DATA SHOWN
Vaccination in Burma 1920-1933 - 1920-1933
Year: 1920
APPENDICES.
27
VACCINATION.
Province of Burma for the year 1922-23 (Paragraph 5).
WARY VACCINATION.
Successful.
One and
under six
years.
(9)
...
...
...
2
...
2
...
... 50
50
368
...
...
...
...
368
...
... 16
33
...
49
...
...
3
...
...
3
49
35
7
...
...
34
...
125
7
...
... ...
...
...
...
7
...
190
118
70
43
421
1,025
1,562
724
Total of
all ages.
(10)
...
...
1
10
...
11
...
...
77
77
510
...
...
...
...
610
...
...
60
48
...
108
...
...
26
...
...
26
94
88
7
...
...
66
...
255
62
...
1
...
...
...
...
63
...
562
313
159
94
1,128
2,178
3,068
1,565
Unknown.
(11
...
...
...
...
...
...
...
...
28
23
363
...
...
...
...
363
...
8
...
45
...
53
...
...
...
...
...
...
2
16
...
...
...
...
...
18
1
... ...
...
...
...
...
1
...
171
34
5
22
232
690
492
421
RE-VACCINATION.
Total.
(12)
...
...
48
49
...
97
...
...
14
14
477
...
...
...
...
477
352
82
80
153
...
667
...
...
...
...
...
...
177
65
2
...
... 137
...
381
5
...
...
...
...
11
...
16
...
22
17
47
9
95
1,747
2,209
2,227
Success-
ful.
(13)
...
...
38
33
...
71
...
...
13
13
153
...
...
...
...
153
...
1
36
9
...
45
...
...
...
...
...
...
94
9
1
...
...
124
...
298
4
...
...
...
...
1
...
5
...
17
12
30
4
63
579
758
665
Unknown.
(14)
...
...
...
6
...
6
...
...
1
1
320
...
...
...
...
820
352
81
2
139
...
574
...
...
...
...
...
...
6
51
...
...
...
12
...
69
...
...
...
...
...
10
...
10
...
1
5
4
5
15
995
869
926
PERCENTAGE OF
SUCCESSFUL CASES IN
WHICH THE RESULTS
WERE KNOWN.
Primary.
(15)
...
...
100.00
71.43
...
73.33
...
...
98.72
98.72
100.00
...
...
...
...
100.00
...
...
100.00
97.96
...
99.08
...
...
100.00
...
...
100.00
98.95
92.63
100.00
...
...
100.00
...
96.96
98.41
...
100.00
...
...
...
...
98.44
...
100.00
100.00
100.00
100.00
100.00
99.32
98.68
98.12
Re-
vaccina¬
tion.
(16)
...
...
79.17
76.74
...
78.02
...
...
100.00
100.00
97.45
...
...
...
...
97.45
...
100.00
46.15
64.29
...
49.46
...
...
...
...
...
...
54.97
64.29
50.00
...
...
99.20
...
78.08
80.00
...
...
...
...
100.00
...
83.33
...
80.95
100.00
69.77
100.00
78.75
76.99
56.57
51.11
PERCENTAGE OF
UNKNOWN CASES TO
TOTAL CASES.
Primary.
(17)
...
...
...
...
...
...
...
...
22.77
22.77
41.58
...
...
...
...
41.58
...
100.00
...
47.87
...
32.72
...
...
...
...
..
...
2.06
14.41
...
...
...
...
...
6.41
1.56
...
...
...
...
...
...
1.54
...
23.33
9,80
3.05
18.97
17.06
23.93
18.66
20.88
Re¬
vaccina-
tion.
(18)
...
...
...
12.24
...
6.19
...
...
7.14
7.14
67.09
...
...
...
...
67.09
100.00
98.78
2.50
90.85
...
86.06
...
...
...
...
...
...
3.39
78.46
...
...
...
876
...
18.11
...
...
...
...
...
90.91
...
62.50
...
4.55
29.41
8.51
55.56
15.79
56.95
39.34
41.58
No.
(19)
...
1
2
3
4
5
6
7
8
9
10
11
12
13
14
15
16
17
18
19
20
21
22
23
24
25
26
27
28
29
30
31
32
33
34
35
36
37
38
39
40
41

INSTRUCTIONS FOR THE TASK
Write the entries out again exactly.

ANSWER TO THIS PROBLEM
Vaccination in Burma 1920-1933 - 1920-1933
Year: 1920
APPENDICES.
27
VACCINATION.
Province of Burma for the year 1922-23 (Paragraph 5).
WARY VACCINATION.
Successful.
One and
under six
years.
(9)
...
...
...
2
...
2
...
... 50
50
368
...
...
...
...
368
...
... 16
33
...
49
...
...
3
...
...
3
49
35
7
...
...
34
...
125
7
...
... ...
...
...
...
7
...
190
118
70
43
421
1,025
1,562
724
Total of
all ages.
(10)
...
...
1
10
...
11
...
...
77
77
510
...
...
...
...
610
...
...
60
48
...
108
...
...
26
...
...
26
94
88
7
...
...
66
...
255
62
...
1
...
...
...
...
63
...
562
313
159
94
1,128
2,178
3,068
1,565
Unknown.
(11
...
...
...
...
...
...
...
...
28
23
363
...
...
...
...
363
...
8
...
45
...
53
...
...
...
...
...
...
2
16
...
...
...
...
...
18
1
... ...
...
...
...
...
1
...
171
34
5
22
232
690
492
421
RE-VACCINATION.
Total.
(12)
...
...
48
49
...
97
...
...
14
14
477
...
...
...
...
477
352
82
80
153
...
667
...
...
...
...
...
...
177
65
2
...
... 137
...
381
5
...
...
...
...
11
...
16
...
22
17
47
9
95
1,747
2,209
2,227
Success-
ful.
(13)
...
...
38
33
...
71
...
...
13
13
153
...
...
...
...
153
...
1
36
9
...
45
...
...
...
...
...
...
94
9
1
...
...
124
...
298
4
...
...
...
...
1
...
5
...
17
12
30
4
63
579
758
665
Unknown.
(14)
...
...
...
6
...
6
...
...
1
1
320
...
...
...
...
820
352
81
2
139
...
574
...
...
...
...
...
...
6
51
...
...
...
12
...
69
...
...
...
...
...
10
...
10
...
1
5
4
5
15
995
869
926
PERCENTAGE OF
SUCCESSFUL CASES IN
WHICH THE RESULTS
WERE KNOWN.
Primary.
(15)
...
...
100.00
71.43
...
73.33
...
...
98.72
98.72
100.00
...
...
...
...
100.00
...
...
100.00
97.96
...
99.08
...
...
100.00
...
...
100.00
98.95
92.63
100.00
...
...
100.00
...
96.96
98.41
...
100.00
...
...
...
...
98.44
...
100.00
100.00
100.00
100.00
100.00
99.32
98.68
98.12
Re-
vaccina¬
tion.
(16)
...
...
79.17
76.74
...
78.02
...
...
100.00
100.00
97.45
...
...
...
...
97.45
...
100.00
46.15
64.29
...
49.46
...
...
...
...
...
...
54.97
64.29
50.00
...
...
99.20
...
78.08
80.00
...
...
...
...
100.00
...
83.33
...
80.95
100.00
69.77
100.00
78.75
76.99
56.57
51.11
PERCENTAGE OF
UNKNOWN CASES TO
TOTAL CASES.
Primary.
(17)
...
...
...
...
...
...
...
...
22.77
22.77
41.58
...
...
...
...
41.58
...
100.00
...
47.87
...
32.72
...
...
...
...
..
...
2.06
14.41
...
...
...
...
...
6.41
1.56
...
...
...
...
...
...
1.54
...
23.33
9,80
3.05
18.97
17.06
23.93
18.66
20.88
Re¬
vaccina-
tion.
(18)
...
...
...
12.24
...
6.19
...
...
7.14
7.14
67.09
...
...
...
...
67.09
100.00
98.78
2.50
90.85
...
86.06
...
...
...
...
...
...
3.39
78.46
...
...
...
876
...
18.11
...
...
...
...
...
90.91
...
62.50
...
4.55
29.41
8.51
55.56
15.79
56.95
39.34
41.58
No.
(19)
...
1
2
3
4
5
6
7
8
9
10
11
12
13
14
15
16
17
18
19
20
21
22
23
24
25
26
27
28
29
30
31
32
33
34
35
36
37
38
39
40
41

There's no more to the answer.